Dans les années 1970, la plupart des chromatographies en phase liquide ont été réalisées à l’aide d’une phase stationnaire de support solide (également appelée colonne) contenant des résines de silice ou d’alumine non modifiées. Ce type de technique est maintenant appelé chromatographie en phase normale. La phase stationnaire étant hydrophile dans cette technique, les molécules aux propriétés hydrophiles contenues dans la phase mobile auront une affinité élevée pour la phase stationnaire, et s’adsorberont donc sur le garnissage de la colonne. Les molécules hydrophobes ont moins d’affinité pour l’emballage de la colonne et passeront pour être éluées et détectées en premier. L’élution des molécules hydrophiles adsorbées sur le garnissage de colonne nécessite l’utilisation de solvants plus hydrophiles ou plus polaires en phase mobile pour déplacer la distribution des particules en phase stationnaire vers celle de la phase mobile.
La chromatographie en phase inversée est une technique utilisant des chaînes alkyles liées de manière covalente aux particules de phase stationnaire afin de créer une phase stationnaire hydrophobe, qui a une affinité plus forte pour les composés hydrophobes ou moins polaires. L’utilisation d’une phase stationnaire hydrophobe est essentiellement l’inverse de la chromatographie en phase normale, puisque la polarité des phases mobile et stationnaire a été inversée – d’où le terme de chromatographie en phase inversée. La chromatographie en phase inversée utilise une phase mobile polaire (aqueuse). En conséquence, les molécules hydrophobes de la phase mobile polaire ont tendance à s’adsorber sur la phase stationnaire hydrophobe, et les molécules hydrophiles de la phase mobile traverseront la colonne et seront éluées en premier. Les molécules hydrophobes peuvent être éluées de la colonne en diminuant la polarité de la phase mobile à l’aide d’un solvant organique (non polaire), ce qui réduit les interactions hydrophobes. Plus la molécule est hydrophobe, plus elle se liera fortement à la phase stationnaire et plus la concentration de solvant organique qui sera nécessaire pour éluer la molécule est élevée.

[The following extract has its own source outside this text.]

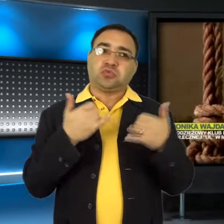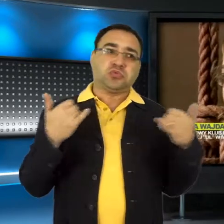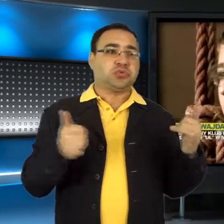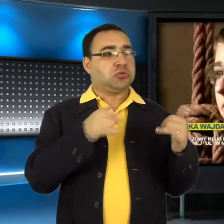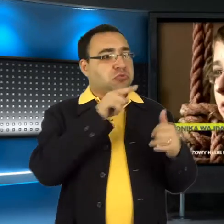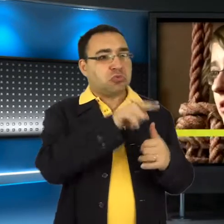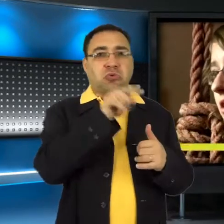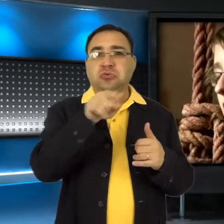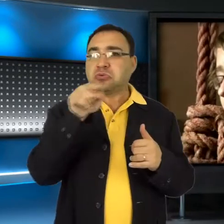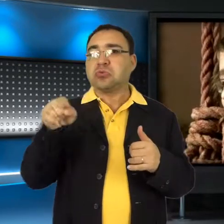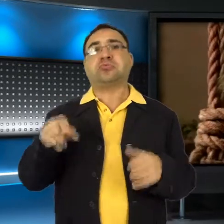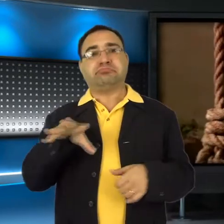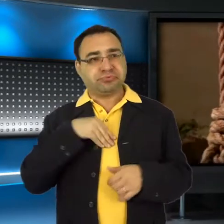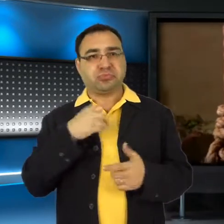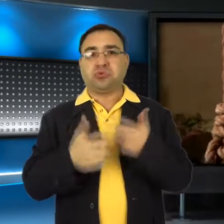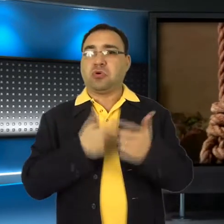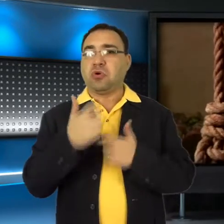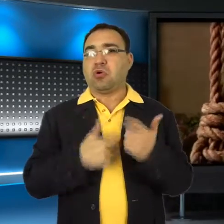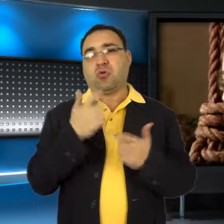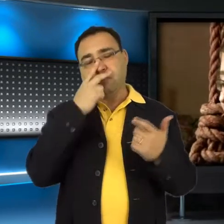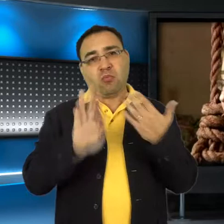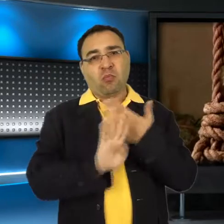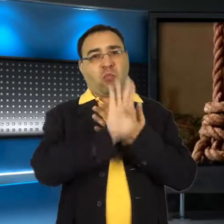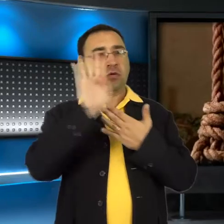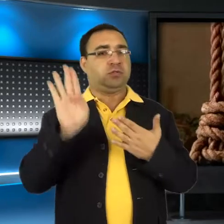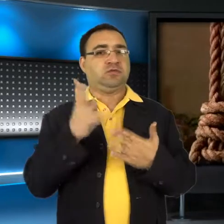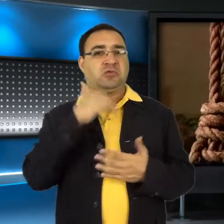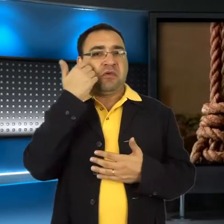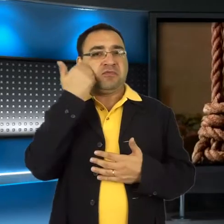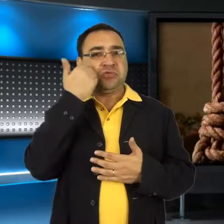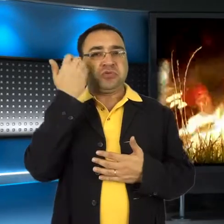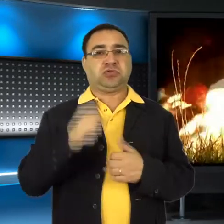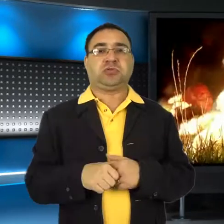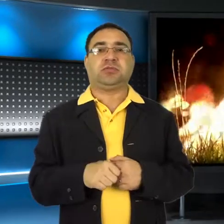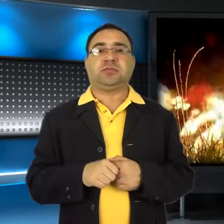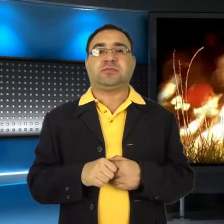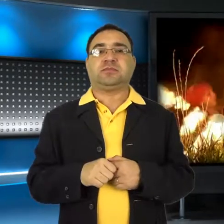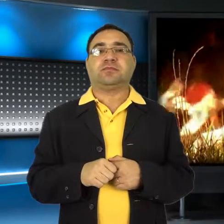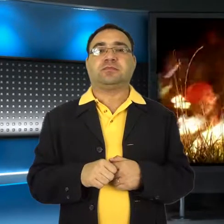dało mi wiele możliwości, jeśli chodzi o takie występy publiczne, coś takiego.

Bon nombre des considérations mathématiques et expérimentales utilisées dans d’autres méthodes chromatographiques s’appliquent également au RPC (par exemple, la résolution de séparation dépend de la longueur de la colonne). Il peut être utilisé pour la séparation d’une grande variété de molécules. Il n’est généralement pas utilisé pour la séparation des protéines, car les solvants organiques utilisés dans le RPC peuvent dénaturer de nombreuses protéines. Pour cette raison, la chromatographie en phase normale est plus couramment utilisée pour la séparation des protéines. Cependant, la dénaturation des protéines peut effectivement être bénéfique dans l’analyse ultérieure des échantillons obtenus à partir de la chromatographie. Si une digestion enzymatique par la trypsine est réalisée sur les protéines analysées, la protéine linéarisée convient mieux à cela. Par conséquent, la dénaturation des protéines à l’aide de solvants appropriés qui provoquent le déploiement des protéines peut en fait être intentionnelle avant de prélever l’échantillon fractionné par spectrométrie de masse.

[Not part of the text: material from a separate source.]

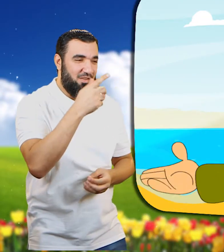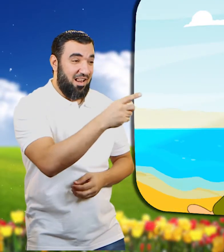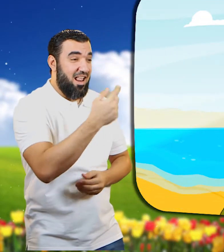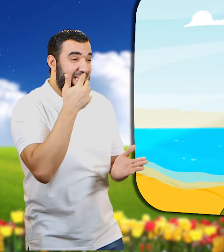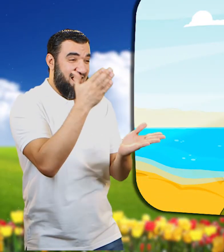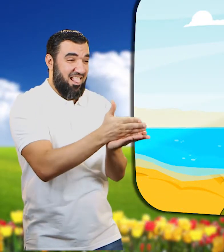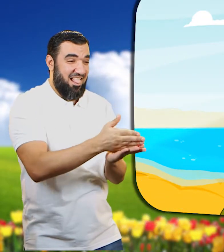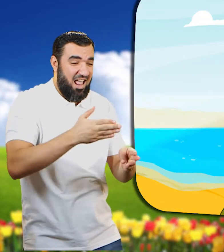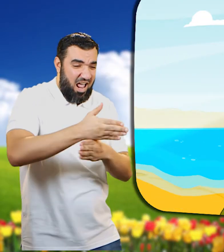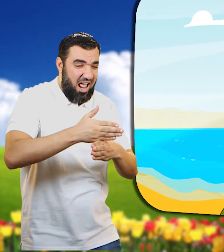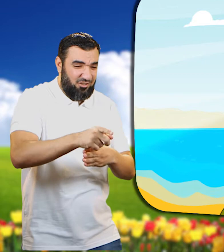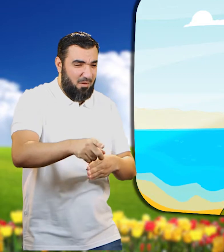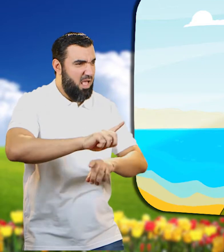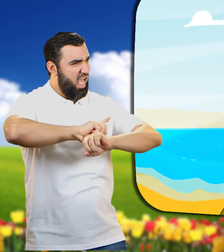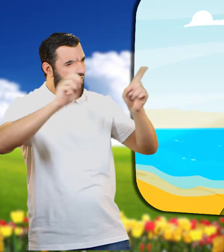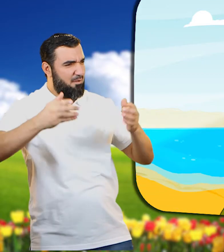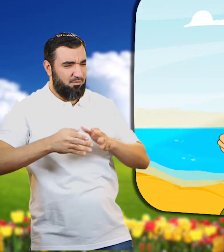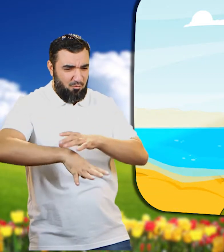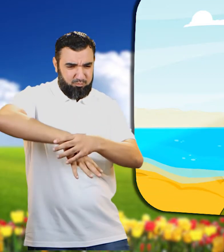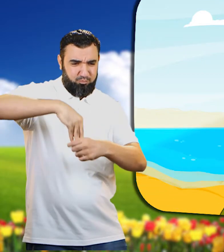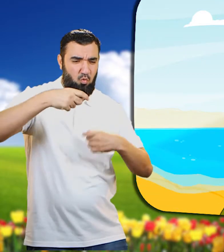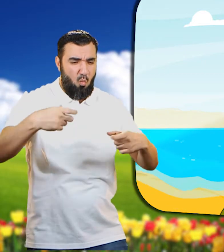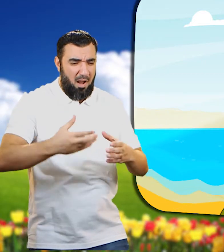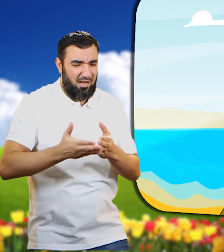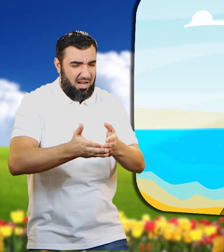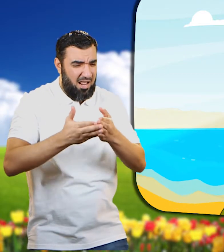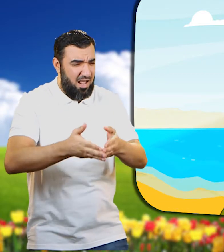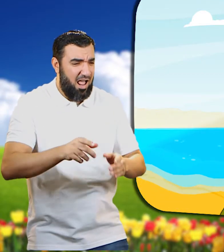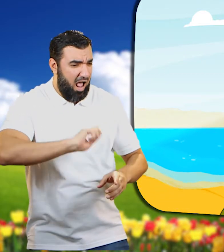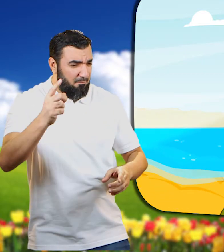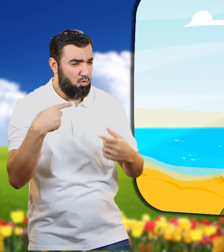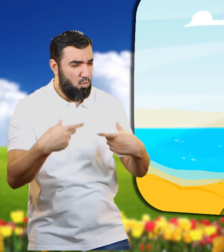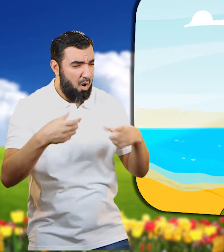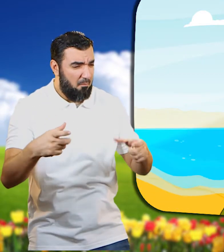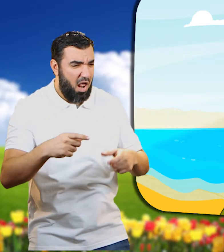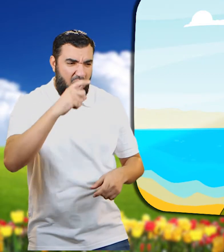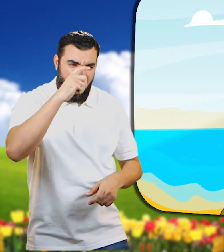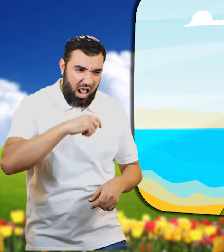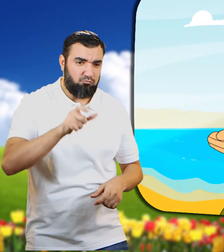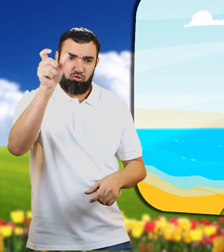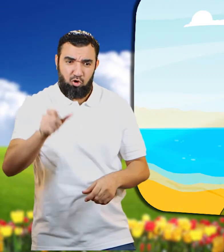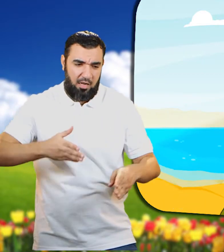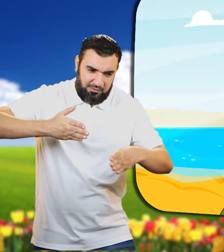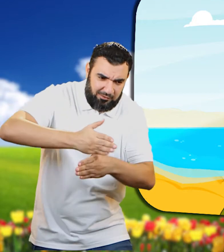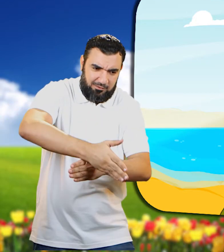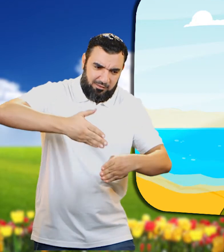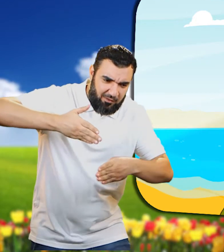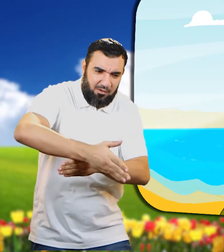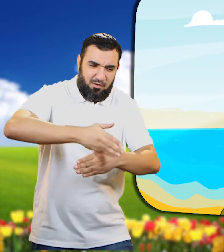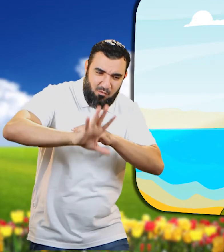ان الخشب صنع نفسه قاربا وانه لا بد له من صانع فعليك ان

Aujourd’hui, le CPR est une technique analytique fréquemment utilisée. Il existe une variété de phases stationnaires disponibles pour une utilisation en RPC, ce qui permet une grande flexibilité dans le développement de méthodes de séparation.
Phases stationnaires à base de silicemodifier
Toute substance polaire inerte qui atteint un emballage suffisant peut être utilisée pour la chromatographie en phase inversée. La colonne la plus populaire est une silice liée à une chaîne carbonée octadécyle (C18) (classification USP L1). Viennent ensuite la silice liée en C8 (L7), la silice pure (L3), la silice liée cyano (L10) et la silice liée phényle (L11). Notez que C18, C8 et phényle sont des résines dédiées à phase inversée, tandis que les colonnes cyano peuvent être utilisées en mode phase inversée en fonction des conditions de l’analyte et de la phase mobile. Toutes les colonnes C18 n’ont pas les mêmes propriétés de rétention. La fonctionnalisation de surface de la silice peut être réalisée dans une réaction monomère ou polymérique avec différents organosilanes à chaîne courte utilisés dans une deuxième étape pour couvrir les groupes silanol restants (coiffage final). Bien que le mécanisme de rétention global reste le même, des différences subtiles dans les chimies de surface des différentes phases stationnaires entraîneront des changements de sélectivité.
Les colonnes modernes ont une polarité différente. Le PFP est le pentafluorphényle. Le CN est cyano. NH2 est amino. ODS est octadécyle ou C18. L’ODCN est une colonne en mode mixte composée de C18 et de nitrile. SCX est un échange cationique fort (utilisé pour la séparation des amines organiques). SAX est un échange anionique fort (utilisé pour la séparation des composés d’acide carboxylique).